API Inventories Data
As per the American Petroleum Institute (API) report last night, US crude oil inventories declined more than expected by 4.1 million barrels to 350.40 million barrels for the week ending on 10th January 2014. Gasoline inventories rose by 5.4 million barrels to 233.78 million barrels and whereas distillate inventories declined by 1.7 million barrels to 120.50 million barrels for the same week.
EIA Inventories Forecast
The US Energy Department (EIA) is scheduled to release its weekly inventories report today at 9:00pm IST and US crude oil inventories is expected to fall by 0.6 million barrels for the week ending on 10th January 2013. Gasoline stocks are expected to gain by 2.5 million barrels whereas distillate inventories are expected to surge by 1.5 million barrels for the same period.

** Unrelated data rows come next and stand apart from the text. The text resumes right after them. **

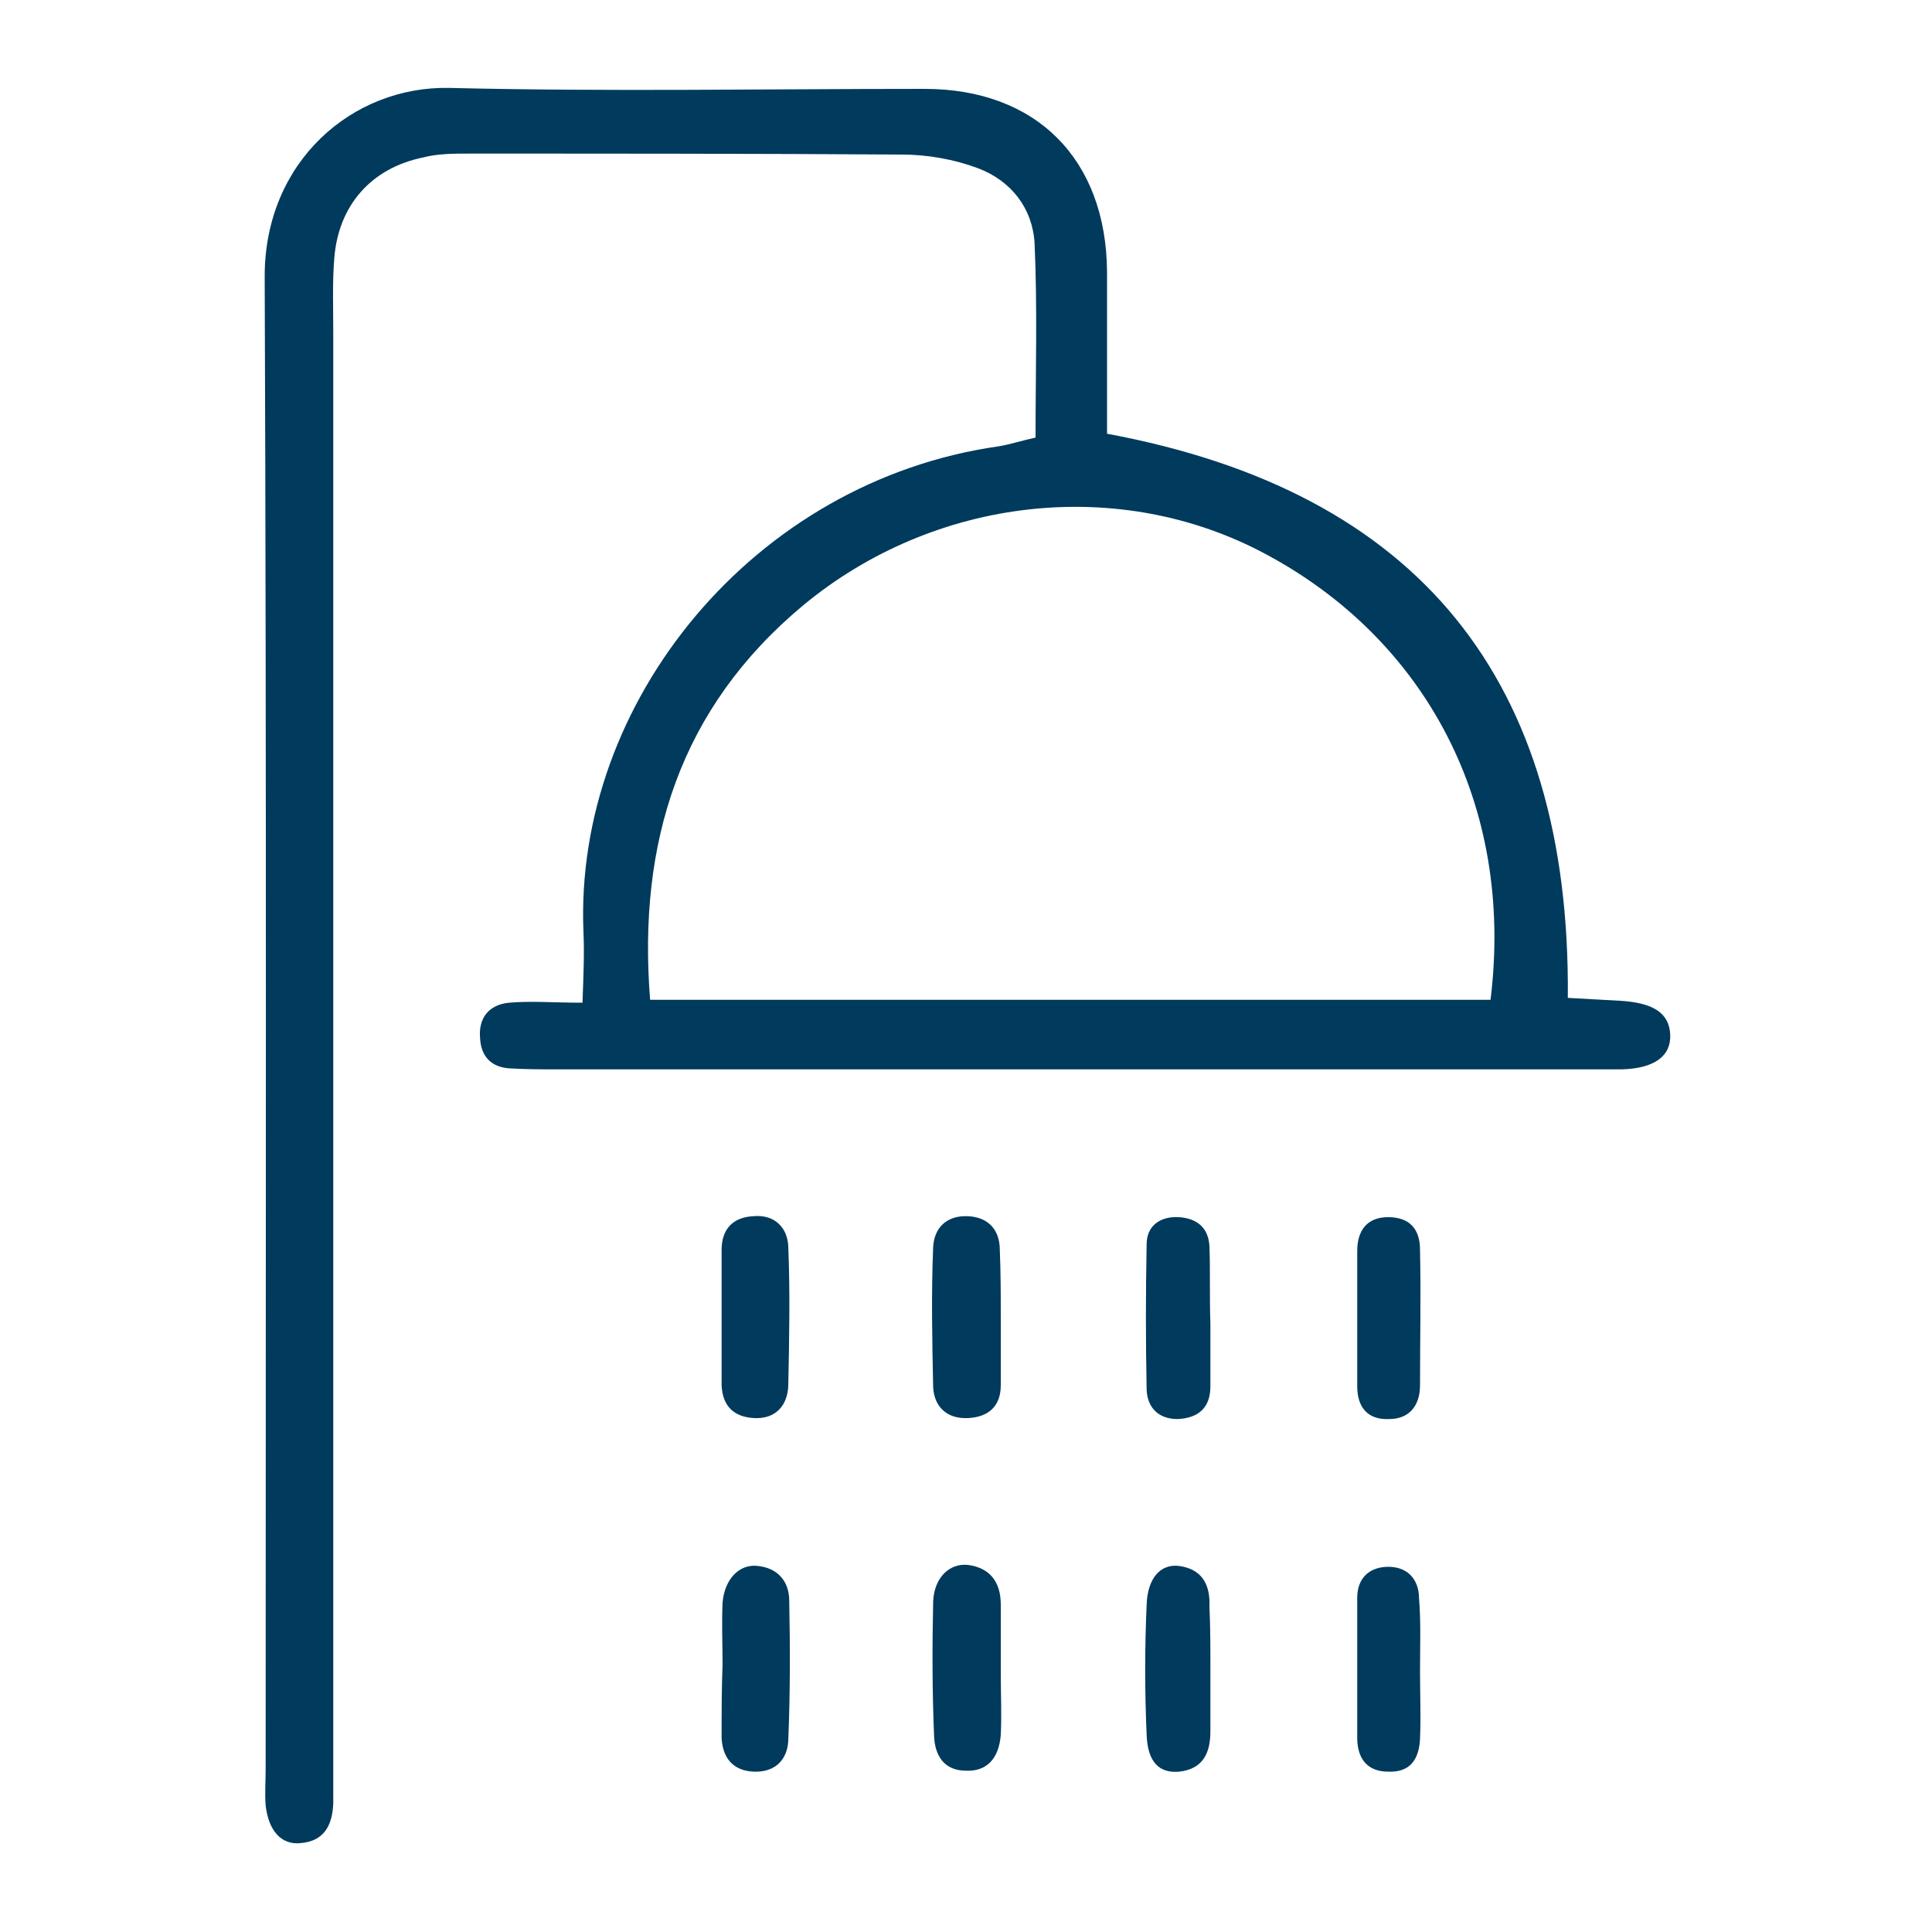 <?xml version="1.0" encoding="utf-8"?>
<!-- Generator: Adobe Illustrator 25.4.1, SVG Export Plug-In . SVG Version: 6.00 Build 0)  -->
<svg version="1.1" id="Capa_1" xmlns="http://www.w3.org/2000/svg" xmlns:xlink="http://www.w3.org/1999/xlink" x="0px" y="0px"
	 viewBox="0 0 200 200" style="enable-background:new 0 0 200 200;" xml:space="preserve">
<style type="text/css">
	.st0{fill:#003A5D;}
	.st1{fill:#252525;}
</style>
<g>
	<path class="st0" d="M107.2,45.3c0-6.8,0.2-13.5-0.1-20.1c-0.2-3.6-2.4-6.5-5.9-7.8C98.8,16.5,96,16,93.4,16
		c-14.9-0.1-29.9-0.1-44.8-0.1c-1.6,0-3.3,0-4.8,0.4c-5.4,1.1-8.8,5-9.2,10.5c-0.2,2.5-0.1,5-0.1,7.6c0,49.5,0,99,0,148.5
		c0,1.3,0,2.5,0,3.8c-0.1,2.2-0.9,3.9-3.4,4.1c-2,0.2-3.3-1.3-3.6-3.9c-0.1-1.2,0-2.5,0-3.8c0-51.5,0.1-103-0.1-154.5
		c0-11.9,9.1-19.7,19.1-19.5c16.4,0.4,32.8,0.1,49.2,0.1c11.6,0,18.8,7.3,18.9,18.9c0,5.6,0,11.1,0,16.8c32.3,6,48,25.5,47.7,58.4
		c1.9,0.1,3.6,0.2,5.4,0.3c3.5,0.2,5.1,1.3,5.2,3.5c0.1,2.2-1.6,3.5-5,3.6c-0.7,0-1.4,0-2.2,0c-36,0-72,0-108,0
		c-1.6,0-3.2,0-4.9-0.1c-1.9-0.1-3-1.2-3.1-3.1c-0.2-2.1,0.9-3.5,3-3.7c2.3-0.2,4.6,0,7.6,0c0.1-2.8,0.2-5.1,0.1-7.3
		c-1-23.8,17.6-46.7,43-50.3C104.6,46,105.8,45.6,107.2,45.3z M154.3,103.5c2.5-20.3-6.8-37.3-23.2-46.1c-15.2-8.2-34.4-6-48,5.3
		C70.4,73.3,66,87.2,67.3,103.5C96.6,103.5,125.3,103.5,154.3,103.5z"/>
	<path class="st0" d="M103.6,173.2c0,2.1,0.1,4.3,0,6.4c-0.2,2.5-1.5,3.8-3.6,3.7c-2.3,0-3.2-1.6-3.3-3.5c-0.2-4.7-0.2-9.3-0.1-14
		c0.1-2.5,1.7-4,3.6-3.8c2.3,0.3,3.4,1.8,3.4,4.1C103.6,168.5,103.6,170.8,103.6,173.2C103.6,173.2,103.6,173.2,103.6,173.2z"/>
	<path class="st0" d="M74.8,172.3c0-2.1-0.1-4.3,0-6.4c0.2-2.4,1.7-4,3.6-3.8c2.1,0.2,3.3,1.6,3.3,3.6c0.1,4.8,0.1,9.7-0.1,14.5
		c-0.1,2-1.4,3.3-3.6,3.2c-2.1-0.1-3.2-1.4-3.3-3.5C74.7,177.3,74.7,174.8,74.8,172.3C74.8,172.3,74.8,172.3,74.8,172.3z"/>
	<path class="st0" d="M74.7,135.9c0-2.1,0-4.3,0-6.5c0-2.2,1.2-3.4,3.3-3.5c2.1-0.2,3.5,1.1,3.6,3.1c0.2,4.8,0.1,9.7,0,14.5
		c-0.1,2-1.3,3.4-3.5,3.3c-2.1-0.1-3.3-1.2-3.4-3.4C74.7,140.9,74.7,138.4,74.7,135.9z"/>
	<path class="st0" d="M103.6,136.4c0,2.3,0,4.7,0,7c0,2.2-1.3,3.3-3.4,3.4c-2.2,0.1-3.5-1.2-3.6-3.2c-0.1-4.8-0.2-9.7,0-14.5
		c0.1-2,1.4-3.3,3.6-3.2c2.1,0.1,3.3,1.4,3.3,3.5C103.6,131.8,103.6,134.1,103.6,136.4z"/>
	<path class="st0" d="M125.3,172.7c0,2.2,0,4.3,0,6.5c0,2.2-0.7,3.9-3.2,4.2c-2.1,0.2-3.3-1-3.4-3.8c-0.2-4.5-0.2-9,0-13.5
		c0.1-2.7,1.4-4.2,3.3-4c2.4,0.3,3.3,1.9,3.2,4.2C125.3,168.4,125.3,170.6,125.3,172.7C125.3,172.7,125.3,172.7,125.3,172.7z"/>
	<path class="st0" d="M147,173c0,2.3,0.1,4.7,0,7c-0.1,2.1-1,3.5-3.3,3.4c-2.2,0-3.2-1.4-3.2-3.5c0-4.8,0-9.7,0-14.5
		c0-1.9,1.1-3.1,3-3.2c2.1-0.1,3.4,1.2,3.4,3.3C147.1,167.9,147,170.4,147,173C147,173,147,173,147,173z"/>
	<path class="st0" d="M125.3,137c0,2.2,0,4.3,0,6.5c0,2.2-1.2,3.3-3.4,3.4c-1.9,0-3.1-1.1-3.2-3c-0.1-5-0.1-10.1,0-15.1
		c0-1.9,1.4-2.9,3.3-2.8c1.9,0.1,3.1,1.1,3.2,3C125.3,131.6,125.2,134.3,125.3,137C125.3,137,125.3,137,125.3,137z"/>
	<path class="st0" d="M140.5,136.5c0-2.3,0-4.7,0-7c0-2.1,1-3.5,3.2-3.5c2.2,0,3.3,1.2,3.3,3.4c0.1,4.7,0,9.3,0,14
		c0,2.1-1.1,3.5-3.2,3.5c-2.2,0.1-3.3-1.2-3.3-3.4C140.5,141.2,140.5,138.8,140.5,136.5C140.5,136.5,140.5,136.5,140.5,136.5z"/>
</g>
</svg>

From the intra-day perspective, we expect crude oil prices to trade on a mixed note on the back of forecast for decline in US crude oil inventories will support an upside in the prices. Further, fall in API crude oil inventories in yesterday’s trade, favorable economic data from the US showing signs of economic growth along with upbeat market sentiments after World Bank raised the global growth outlook will act as a positive factor. While on the other hand, restart of oil production in Libya after protestors agreeing to delay their action will exert downside pressure on the prices. Additionally, strength in the DX will act as a negative factor. In the Indian markets, Rupee appreciation will continue with downside movement in the prices.